As humilhações que o amor nos impõe são sempre tão bem-vindas. Pena serem tão raras.

Um poema de Guillaume Apollinaire

""ADEUS

Colhi um ramo de urze
O outono morreu lembra-te
Não nos veremos mais na terra
Odor do tempo ramo de urze
E lembra-te de que te espero."

(Do livro Álcoois, tradução de Mario Laranjeira, publicado pela Hedra.)

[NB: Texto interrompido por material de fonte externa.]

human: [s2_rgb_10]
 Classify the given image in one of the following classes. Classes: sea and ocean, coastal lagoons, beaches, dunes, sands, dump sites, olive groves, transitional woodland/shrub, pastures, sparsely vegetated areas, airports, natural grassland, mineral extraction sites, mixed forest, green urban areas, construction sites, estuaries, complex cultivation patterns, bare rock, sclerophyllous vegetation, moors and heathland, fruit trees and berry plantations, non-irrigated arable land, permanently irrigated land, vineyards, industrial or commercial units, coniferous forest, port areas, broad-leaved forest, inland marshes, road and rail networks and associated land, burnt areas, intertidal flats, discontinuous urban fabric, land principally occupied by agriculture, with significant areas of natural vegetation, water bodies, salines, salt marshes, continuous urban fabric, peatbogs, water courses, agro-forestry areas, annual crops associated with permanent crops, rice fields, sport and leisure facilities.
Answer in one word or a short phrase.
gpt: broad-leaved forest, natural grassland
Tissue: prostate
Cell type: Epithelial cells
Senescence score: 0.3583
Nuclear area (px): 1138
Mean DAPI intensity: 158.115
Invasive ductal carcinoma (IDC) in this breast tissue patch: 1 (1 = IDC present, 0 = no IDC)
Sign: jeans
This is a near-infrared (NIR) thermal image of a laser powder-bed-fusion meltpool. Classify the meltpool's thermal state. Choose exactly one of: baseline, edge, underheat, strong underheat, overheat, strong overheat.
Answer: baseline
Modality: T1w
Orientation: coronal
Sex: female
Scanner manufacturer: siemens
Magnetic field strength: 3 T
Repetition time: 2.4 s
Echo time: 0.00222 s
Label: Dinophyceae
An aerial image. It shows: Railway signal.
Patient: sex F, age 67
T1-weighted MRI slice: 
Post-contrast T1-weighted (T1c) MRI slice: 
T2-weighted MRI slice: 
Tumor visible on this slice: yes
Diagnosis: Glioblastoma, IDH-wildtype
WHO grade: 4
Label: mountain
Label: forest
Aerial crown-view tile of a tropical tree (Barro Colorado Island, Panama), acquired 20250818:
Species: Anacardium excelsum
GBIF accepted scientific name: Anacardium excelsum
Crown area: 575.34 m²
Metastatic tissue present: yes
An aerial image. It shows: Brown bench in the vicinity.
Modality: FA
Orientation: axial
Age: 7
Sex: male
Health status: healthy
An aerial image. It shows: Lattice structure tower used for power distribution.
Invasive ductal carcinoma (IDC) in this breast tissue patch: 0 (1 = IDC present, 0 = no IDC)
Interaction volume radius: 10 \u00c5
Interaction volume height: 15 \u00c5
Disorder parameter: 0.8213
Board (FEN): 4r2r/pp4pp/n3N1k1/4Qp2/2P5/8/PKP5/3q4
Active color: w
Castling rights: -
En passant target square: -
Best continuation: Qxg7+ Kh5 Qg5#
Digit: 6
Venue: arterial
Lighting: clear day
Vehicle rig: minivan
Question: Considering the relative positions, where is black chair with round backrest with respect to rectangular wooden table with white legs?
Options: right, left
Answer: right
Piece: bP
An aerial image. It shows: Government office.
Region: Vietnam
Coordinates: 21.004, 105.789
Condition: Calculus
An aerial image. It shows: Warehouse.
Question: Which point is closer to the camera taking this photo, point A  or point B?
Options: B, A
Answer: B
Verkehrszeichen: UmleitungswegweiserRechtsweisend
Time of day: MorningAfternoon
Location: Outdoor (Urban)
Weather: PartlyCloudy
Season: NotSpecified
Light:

sábado, 22 de novembro de 2014

Poesia é

Poesia não tem roteiro.
É dado lançado à sorte,
É barco sem timoneiro,
É itinerário sem norte.

Recado

Se vocês encontrarem Pâmella Martinelli Merchyora, digam-lhe que ela me matou, embora ela já saiba. Faz bem ao ego dela e afia suas unhas.

Passatempo

O amor, se considerado como um entretenimento, é uma indignidade.

Agora que

Agora que o amor morreu, quando olho para ele o vejo tão fraco, tão desprezível. Deus, como ele pôde me atormentar tanto? Quantas cordas, quantas lâminas, quantos venenos ele me incitou a usar para merecê-lo. Sobrevivi para a tristeza de vê-lo assim, como um trapo. Pobre amor, por que resisti à tentação de tuas cordas, de tuas lâminas, de teus venenos?

Emperiquitadas

As frases imponentes têm mais pose que beleza. As de autoajuda vêm sempre engravatadas.













A verdade

A verdade, no fim. é sempre tão monótona. Trocá-la pelos mitos é tão idiota.

Fernanda Lima

Quantas palavras vale uma imagem de Fernanda Lima? Talvez uma só: beleza, multiplicada por mil.

Eu também

Eu também ousei pronunciar a palavra "amor", com estes lábios que lamberam a pele morna da devassidão.

Tudo, e tudo de novo

Dizer tudo que se devia e se queria, com as vogais afogadas de lágrimas, e ouvir da amada o pedido: me diz tudo de novo, tudo.

Itens

Humilhar-se por amor, ajoelhar-se, beijar pés pretensiosos - não há prazeres maiores.

Anotação

Sim, fui escravo do amor. Foi a melhor época de minha vida.

Conivência

Se ouvimos os passos do amor nos seguindo, sentimos um frisson de ovelha e nossas pernas se recusam a andar.

Heroísmo

Roubar um beijo com gosto de hortelã, na última fileira do cinema, nos igualava aos heróis do faroeste.

Cotação do dia

Ter morrido há tanto tempo nos dá certa segurança.

Manoel de Barros

"Esfregar pedras na paisagem."

(Do livro Poesia completa de Manoel de Barros, publicado pela LeYa.)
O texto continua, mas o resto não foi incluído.